La partie officielle
C’est libre, et ça le restera. C’est gratuit, et ça le restera. Pas de fonctions payantes, et il n’y en aura jamais. Pas de version « pro », pas de déblocage, pas de compte à créer, pas d’adresse e-mail, pas d’abonnement pour avoir droit à un terme de Coriolis ou à une courbe longue de 801 mètres. Personne ne monétise votre carnet de tir.
Je ne collecte absolument aucune donnée. Rien n’est jamais transmis à un serveur. Ni « anonymisé », ni « uniquement pour améliorer votre expérience ». Rien. Il n’y a pas de serveur : ce sont des fichiers statiques et votre navigateur, et je ne pourrais pas voir vos petites carabines und vos petites munitions même si je le voulais très fort. Ce n’est pas une politique de confidentialité qu’un juriste amendera discrètement l’an prochain ; c’est l’architecture. Le code est public, allez voir.

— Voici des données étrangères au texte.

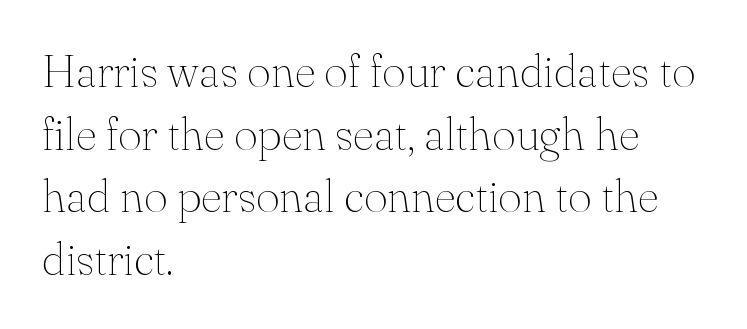
{"serif": "yes", "italic": "no", "bold": "no", "weight": "thin", "width": "normal", "stroke_contrast": "medium", "x_height": "small", "monospaced": "no", "underline": "no", "align": "left", "line_spacing": "normal", "line_spacing_ratio": 1.36, "letter_spacing": "normal", "letter_spacing_em": 0.0, "glyph_px": 46}
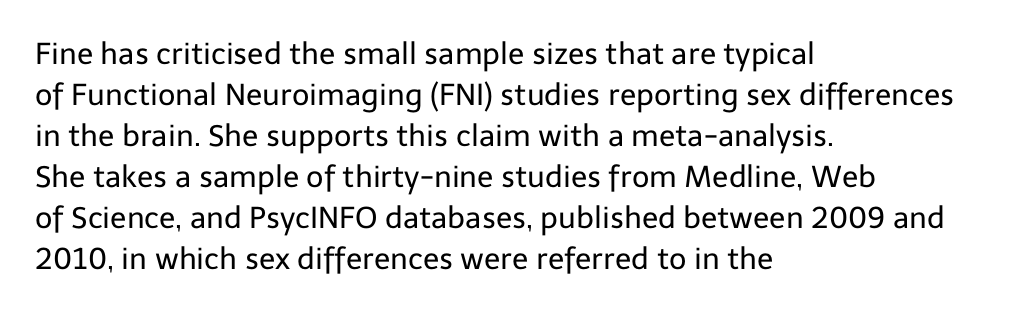
The block of text has a typical density, with ordinary space between rows. A quiet, ordinary-to-light weight characterises the typeface. Character widths vary here, with narrow letters taking less room than wide ones. The passage shown is not underscored anywhere. Italic: no, the glyphs are upright roman.
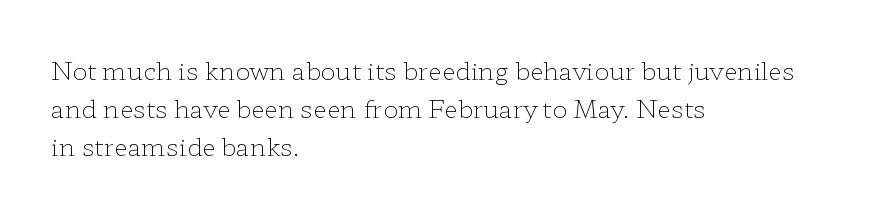
{"italic": "no", "bold": "no", "underline": "no", "align": "left", "line_spacing": "normal", "line_spacing_ratio": 1.53, "letter_spacing": "normal", "letter_spacing_em": 0.0, "glyph_px": 25}

Ça s’installe comme une vraie application sur Android, iPhone et ordinateur, et ça fonctionne entièrement hors ligne une fois chargé. Ne pas avoir de réseau au stand n’a jamais été un problème, et ne l’est toujours pas.
Cinq langues. AGPL-3.0. Certains outils sont finis, d’autres partiels, un autre est « prévu », ce qui en langage de développeur signifie il existe sous forme de ligne dans mon fichier todo. C’est un homme seul avec une monomanie autistique un hobby — et non pas, pardonnez-moi l’expression, un service marketing avec, pardonnez-moi l’expression, une feuille de route.
Cartes sur table
Puisque je déclare mes conflits d’intérêts dans tout ce que j’écris ici : il n’y en a aucun. Personne ne sponsorise ceci, rien n’est en lien affilié, aucun fabricant ne m’a rien envoyé, et jusqu’ici j’ai gagné exactement zéro franc avec.

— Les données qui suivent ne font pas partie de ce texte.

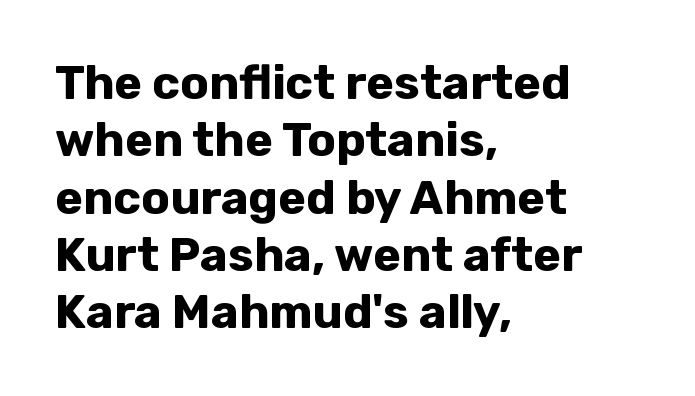
If you drew a ruler down the left edge, every line would touch it. Only glyphs here, with clear space below each row. Notice how the stems are strictly vertical — no italics here. What weight is shown? A full bold with thick strokes. Is this a sans? Yes — the strokes have no serifs. You could not count columns in this text — the font is proportionally spaced.
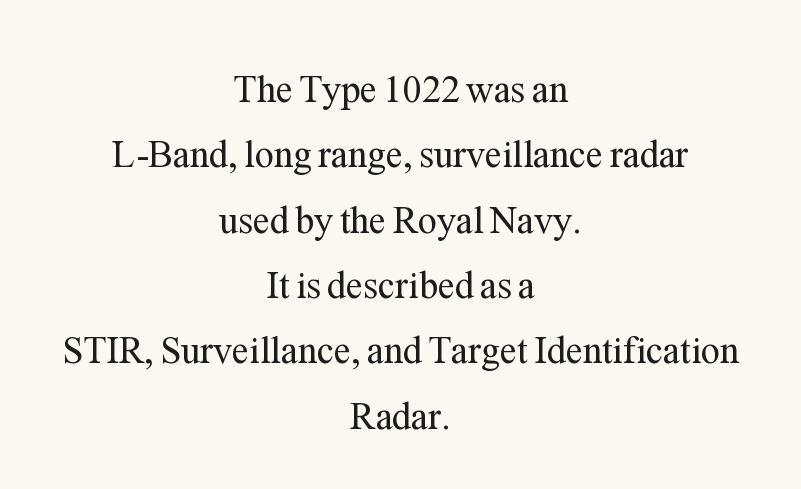
Weight: regular or lighter. Has an underline been added? It has not. A typesetter would call this proportional, since set widths differ per character. Standard letterfit; no display-style spreading of the glyphs. Rendered with straight, roman letterforms. Stroke terminals: seriffed.
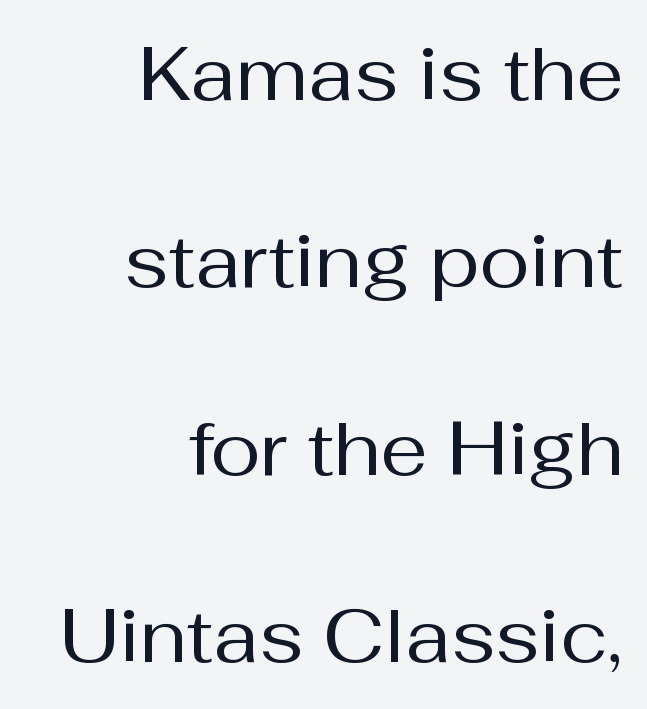
Q: Is the text bold? A: No.
Q: Is the text italic (slanted)? A: No, it is upright.
Q: Is the typeface a serif or a sans-serif typeface? A: Sans-serif.
Q: Is the text underlined? A: No.
Q: How is the paragraph aligned? A: Right-aligned.
Q: Is the spacing between letters normal or unusually wide? A: Normal.
Q: Is the spacing between lines tight, normal or loose? A: Loose.
Q: Width (condensed, normal, or wide)? A: Normal.
Q: Stroke contrast? A: Medium.
Q: x-height? A: Medium.
Q: Monospaced? A: No.
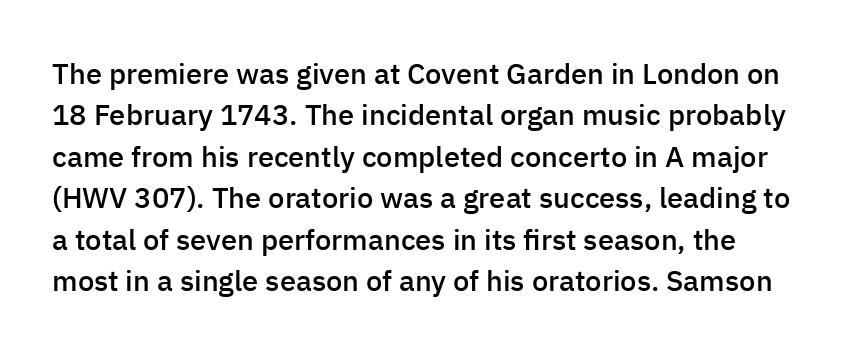
{"serif": "no", "italic": "no", "bold": "semi", "weight": "semibold", "width": "normal", "stroke_contrast": "low", "x_height": "medium", "monospaced": "no", "underline": "no", "line_spacing": "normal", "line_spacing_ratio": 1.43, "letter_spacing": "normal", "letter_spacing_em": 0.0, "glyph_px": 29}

L’interface, soit dit en passant, a été écrite presque entièrement par une IA, parce que je hais le DOM et le CSS avec une passion que je réserve d’ordinaire aux MOA, et que livré à moi-même je ne m’y serais jamais mis. Juste répartition du travail : la machine s’occupe des taches débiles, et moi — de la partie qui exige de savoir ce qu’est un coefficient de traînée.
Merci
Les pronoms au singulier ci-dessus sont trompeurs. Ceci n’est pas l’œuvre d’un seul homme, et je tiens à être précis là-dessus.

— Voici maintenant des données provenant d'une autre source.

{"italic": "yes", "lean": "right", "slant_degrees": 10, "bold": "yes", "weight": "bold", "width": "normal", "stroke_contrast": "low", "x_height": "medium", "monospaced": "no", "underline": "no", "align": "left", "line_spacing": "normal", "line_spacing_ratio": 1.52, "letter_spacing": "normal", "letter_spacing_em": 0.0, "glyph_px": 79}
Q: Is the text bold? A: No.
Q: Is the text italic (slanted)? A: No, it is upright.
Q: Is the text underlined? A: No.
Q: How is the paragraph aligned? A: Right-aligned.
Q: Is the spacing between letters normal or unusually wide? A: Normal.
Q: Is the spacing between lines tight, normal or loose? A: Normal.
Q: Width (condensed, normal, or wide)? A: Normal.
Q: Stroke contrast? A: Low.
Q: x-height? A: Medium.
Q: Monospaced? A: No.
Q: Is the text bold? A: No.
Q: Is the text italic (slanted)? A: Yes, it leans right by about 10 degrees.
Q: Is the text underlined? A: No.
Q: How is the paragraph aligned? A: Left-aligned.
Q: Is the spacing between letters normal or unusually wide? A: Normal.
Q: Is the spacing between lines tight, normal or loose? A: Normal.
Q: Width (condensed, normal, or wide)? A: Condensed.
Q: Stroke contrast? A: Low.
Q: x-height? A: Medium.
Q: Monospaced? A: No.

Allez lire la page Merci de l’application : elle vaut la lecture pour elle-même.
Et si vous trouvez un bug, dites-le. Un bon rapport de bug est un cadeau, et il est crédité nommément dans l’historique des versions — un coup d’œil suffira à vous en convaincre.
Pas de bêtises pendant mon absence. Je repasserai vérifier.